# greenhouse set ups for amphibians



## Middleton Mouse (May 16, 2013)

We were hoping to sst up an outdoor enclosure for our European green toads next year. We had a cole frame type enclosure in mind at the start but assume a small green house would be better.

Does anyone have one and how did you go about setting it up?
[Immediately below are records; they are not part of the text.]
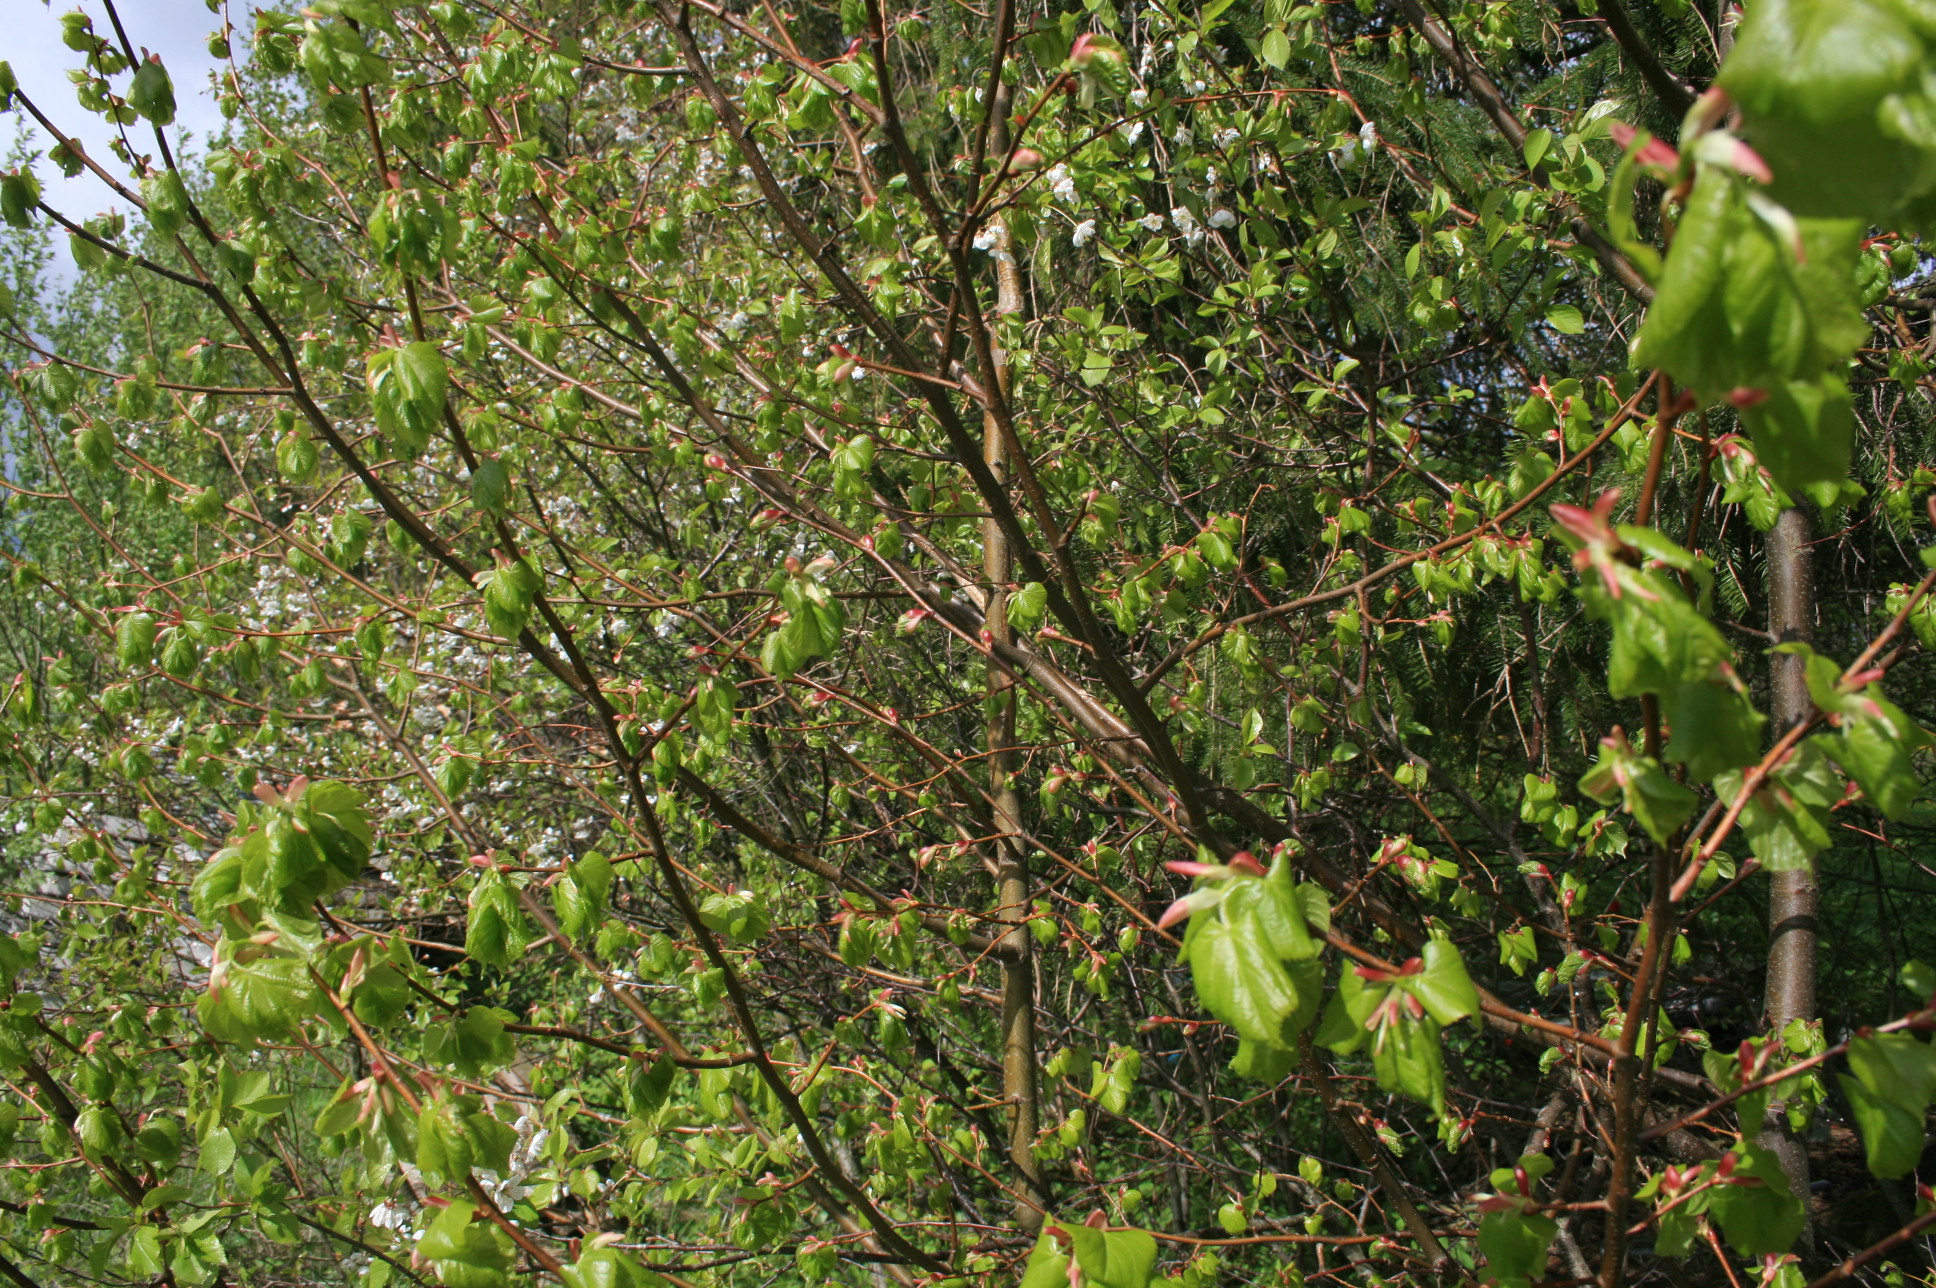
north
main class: Woodland
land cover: Spruce dominated mixed woodland
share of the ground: > 75 %
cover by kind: coniferous forest trees 55 %, broadleaved forest trees 45 %
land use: Residential
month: May
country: LT
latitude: 56.2167
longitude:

I'd love to see build threads and pictures if you have them.


----------



## acromyrmexbob (Oct 3, 2010)

:blush: I have a greenhouse.
http://www.reptileforums.co.uk/forums/habitat/911200-tropical-river-pond-major-project.html


----------



## Middleton Mouse (May 16, 2013)

acromyrmexbob said:


> :blush: I have a greenhouse.
> http://www.reptileforums.co.uk/forums/habitat/911200-tropical-river-pond-major-project.html


Jeezo I'm not sure if I can manage something as grand as that, loved looking at the thread though. :2thumb:


----------



## exoticsandtropics (Mar 11, 2007)

we used to have a greenhouse that was a mix of species kept in there. had green toads, alpine newts, marbled newts, fire bellied toads and european green treefrogs. everything bred most years apart from the green toads that never did. 
just basically created a small pond/ marsh area with plenty of cover etc. just make sure they can't dig out lol.


----------



## ukgeckos (Apr 11, 2007)

We have one with a hibernacula installed and a pond that is no deeper than 4 inches. Vegetation includes Passion flower, grape vine, various grasses and heather. We build a mesh door for hot days and will be changing several panes of glass to Perspex next year.
In it we have green toads, yellow bellied toads, midwife toads and pool frogs. We will also be introducing some type of lizard species once enough research has been done.
In spring our American green tree frogs and gray tree frogs will also be introduced.

It is 10/8 ft and also has a concrete base. The hibernacula is 2.5-3 ft.

It's amazing in summer and full of live and sounds. This time of year all is quiet


----------